Published online Oct 1, 2013.
PMCID: PMC3799196

Exposure to ACEI/ARB and β-Blockers Is Associated with Improved Survival and Decreased Tumor Progression and Hospitalizations in Patients with Advanced Colon Cancer1


BACKGROUND: Advanced colon cancer is associated with weight loss and decreased survival. Studies suggest that angiotensin and β-adrenergic blockade decrease colon cancer progression and ameliorate weight loss. This study aims to determine whether exposure to β-adrenoceptor blockers (BBs), angiotensin-converting enzyme inhibitors (ACEIs), or angiotensin receptor blockers (ARBs) is associated with decreased mortality, tumor progression, number of hospitalizations, or weight loss in colorectal cancer. METHODS: Retrospective chart review included patients with advanced colorectal cancer. Survival, stage, hospitalization, cancer progression, cancer treatment, and body weight history were collected. RESULTS: Two hundred sixty-two of 425 new stage III to IV colorectal cancer cases reviewed met the study criteria. Those exposed to ACEI/ARB, BB, or both were more likely to have diabetes, hypertension, and stage III colorectal cancer. Adjusting for age, presence of hypertension and diabetes, and stage, ACEI/ARB + BB exposure was associated with decreased mortality compared to unexposed individuals [hazard ratio (HR) = 0.5, confidence interval (CI) = 0.29–0.85; Cox regression, P = .01]. Fewer total and cancer-related hospitalizations and decreased cancer progression in the ACEI/ARB + BB group versus the unexposed group (HR = 0.59, CI = 0.36–0.99, P = .047) were seen. Exposure did not affect weight changes; furthermore, body weight changes from both prediagnosis and at diagnosis to 6, 12, 18, and 24 months postdiagnosis predicted survival. CONCLUSIONS: We have observed an association between exposure to a combination of ACEI/ARB + BB and increased survival, decreased hospitalizations, and decreased tumor progression in advanced colorectal cancer. Future studies will be needed to replicate these results and generalize them to broader populations. Determination of causality will require a randomized controlled trial.

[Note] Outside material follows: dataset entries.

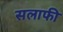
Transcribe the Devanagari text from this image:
सलाफी
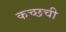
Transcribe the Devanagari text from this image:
कच्छची
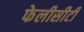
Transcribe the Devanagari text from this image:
फेलीसीटी
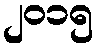
၂၀၁၅
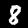
Label: 8
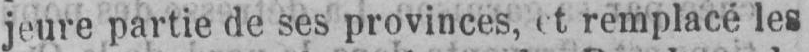
jeure partie de ses provinces, et remplacé les
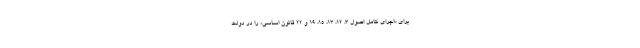
براي «اجراي كامل اصول 3، 12، 13، 15، 19 و 22 قانون اساسي» را در دولت
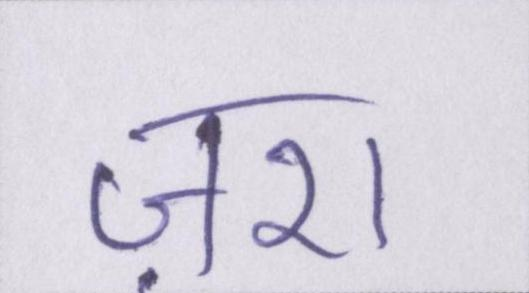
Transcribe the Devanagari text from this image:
ज़रा

Colorectal cancer is the third most prevalent cancer in America with more than 143,000 people newly diagnosed with this disease each year. Although several treatments are available for advanced colorectal cancer, novel therapies are needed, given that this cancer is one of the leading causes of death in the western world and it usually takes a toll on these patients' quality of life [1].

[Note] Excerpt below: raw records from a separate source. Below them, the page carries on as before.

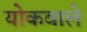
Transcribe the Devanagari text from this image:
योकवाले
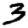
Digit: 3
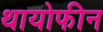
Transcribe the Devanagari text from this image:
थायोफीन
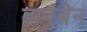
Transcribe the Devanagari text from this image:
बानुबेन
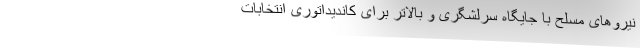
نیروهای مسلح با جایگاه سرلشگری و بالاتر برای کاندیداتوری انتخابات
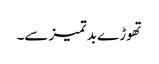
تھوڑے بد تمیزسے۔

Recent studies suggest that angiotensin-converting enzyme inhibitors (ACEIs) and angiotensin receptor blockers (ARBs) may modulate the development and progression of cancer [2]. ACEIs reduce the production of angiotensin II, whereas ARBs selectively block the activation of angiotensin II type 1 receptors. Both result in a suppression of the renin-angiotensin system. Angiotensin II, through activation of vascular endothelial growth factor (VEGF) and VEGF receptor 2 expression in endothelial cells, stimulates neovascularization [3–5]. The angiotensin II type 2 receptor is a G protein-coupled receptor that regulates signal transducer and activator of transcription 3 (STAT3) [6]. These heterotrimeric G proteins and STAT3 have recently been established as novel therapeutic targets for both lung and colon cancers [7]. Angiotensin II also acts as an antiapoptotic agent and growth factor, stimulating cell replication through the epidermal growth factor receptor transactivation/extracellular signal-regulated kinase (ERK) signaling pathway. In vitro, the growth of cultured cancer cells is retarded by ACEI [8]. Moreover, they inhibit angiogenesis and growth of induced cancer in rats [9,10]. There are also data to suggest that blocking angiotensin II may decrease muscle proteolysis, prevent cachexia, and improve the host's function [11].

The β-adrenergic receptor has also been implicated as a potential therapeutic target for cancer. Circulating norepinephrine and epinephrine bind to β-adrenergic receptors and subsequently stimulate macro-phages and cancer cells to produce angiogenic factors, including VEGF [12]. β-Adrenoceptor blockers (BBs) are believed to downregulate the rapidly accelerated fibrosarcoma (RAF)-mitogen-activated protein kinase (MAPK) pathway and, consequently, inhibit angiogenesis. Moreover, studies have shown that blockade of adrenergic activity and subsequent decline in resting energy expenditure (REE) in tumor-bearing animals and patients with cancer may prevent cancer cachexia.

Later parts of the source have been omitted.